A design artist who has fled Sydney to gain much needed distance between a conniving, controlling and self-centred mother along with an ex-fiance who proved he has no moral high-ground, she’s only been in Swallow’s Fall for ten days, trying to gain a sense of independence by building a new life for herself – and renovating the run-down property she has bought – her intentions don’t include a new relationship.
This first encounter, while igniting an instant attraction, also reveals Ethan’s other ability and sparks are bound to fly as she finds herself employing his skills and looking forward to his visits to the property – until her past catches up with her in a mean-spirited attempt to defame the name she has begun to make for herself in her new town and we are left wondering whether the lights of the big city will lure her back.

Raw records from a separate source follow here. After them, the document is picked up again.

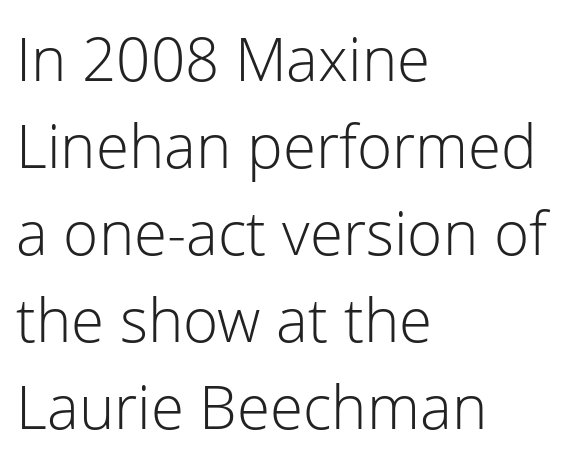
The image shows 60 px light sans-serif type, upright; set left-aligned, normal line spacing (1.45x), normal letter spacing, not underlined; low stroke contrast and a medium x-height.
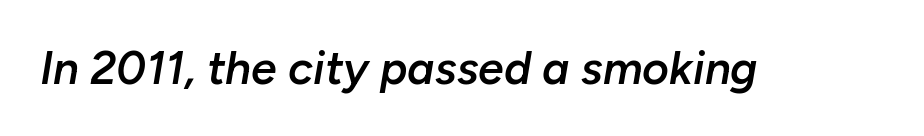
The image shows 46 px semibold type, italic (leaning right); set normal letter spacing, not underlined; low stroke contrast and a medium x-height.
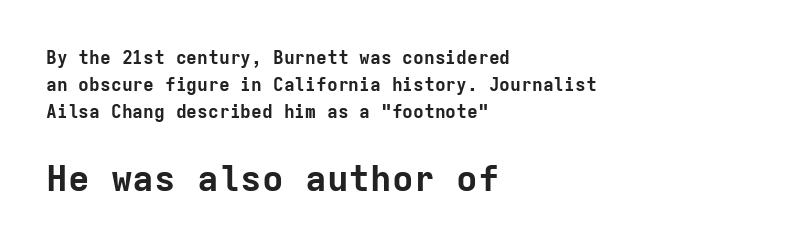
Baseline-to-baseline distance is the conventional proportion of letter height. The rendering enlarges the type as you move from the upper chunk to the lower. Grotesque or geometric, the face here clearly has no serifs. Is the type bold? Yes — the strokes are clearly thick and heavy.

Ethan Granger, while being the local vet, is also a carpenter.  Having grown up in the town and then been banished and come back as an adult with a pregnant wife in tow, he has had his fair share of hard knocks in his lifetime!  Growing up in an abusive home has him cowering from any form of commitment and he has all but withdrawn into himself.  As he finds himself taking on the task of helping Sammy with her renovations, their friendship grows and the attraction which was so obvious from their first meeting, grows deeper.  The only problem is the dark memories he has of the house Sammy is restoring, the one in which he grew up and his inner struggles and the memories which he thought he’d laid to rest, threaten to become a barrier between him and Sammy.

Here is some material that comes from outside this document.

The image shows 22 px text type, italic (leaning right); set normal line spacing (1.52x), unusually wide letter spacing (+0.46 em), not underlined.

Swallow’s Fall, population 86, while fictional, is a close-knit community where everyone looks out for one another and newcomers can sometimes find themselves the object of gossip and interference – and then there are the secrets.  Jennie Jones, by creating a backbone in the form of a wager amongst the townsfolk on how long it will take before the newcomer high-tails it out of there, along with the three hundred pound pig called Ruby, who started the chain of events, has cleverly utilised these small town dynamics and interspersed the palpable emotional conflict within and between Sammy and Ethan with some well thought out encounters by utilising the townsfolk, the scenery, the weather and the house, to create a living breathing world.

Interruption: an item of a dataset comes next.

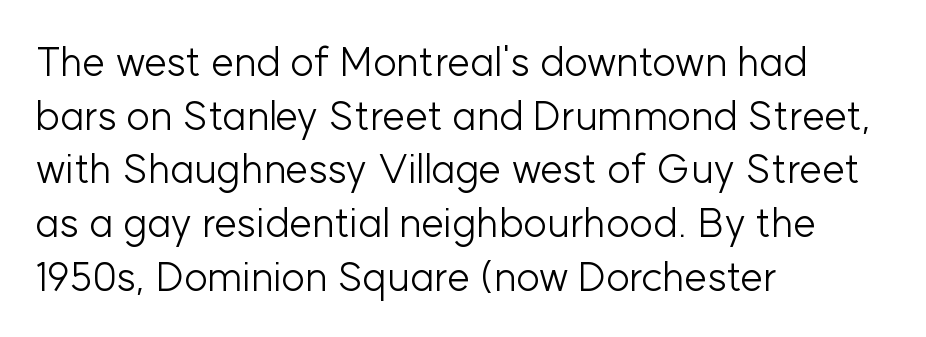
The image shows 41 px light sans-serif type, upright; set left-aligned, normal line spacing (1.31x), normal letter spacing, not underlined; low stroke contrast and a medium x-height.

Sammy came to life with her complexity.  She is stubborn, capable and smart, has a hands-on attitude and a willingness to help, but seriously lacks self-confidence owing to her manipulative mother and obnoxious ex-fiance and, while I will admit that there were times when she lost me and I found myself having to re-connect with her, on the whole, she brought a breath of fresh air into Ethan’s life – a life overshadowed by his father’s abusive actions.
Ethan is extremely likeable and very sexy but he carries a lot of unnecessary baggage – most of it self-inflicted, and I found myself empathising with him as his vulnerability became apparent through his thoughts and memories.  An inner war wages within him and despite growing feelings for Sammy he continuously withdraws, fearing that he has inherited his father’s tendencies. That is, until a revelation, and a twist which I didn’t seem coming, causes him to reconsider and suddenly, there is light in his darkness.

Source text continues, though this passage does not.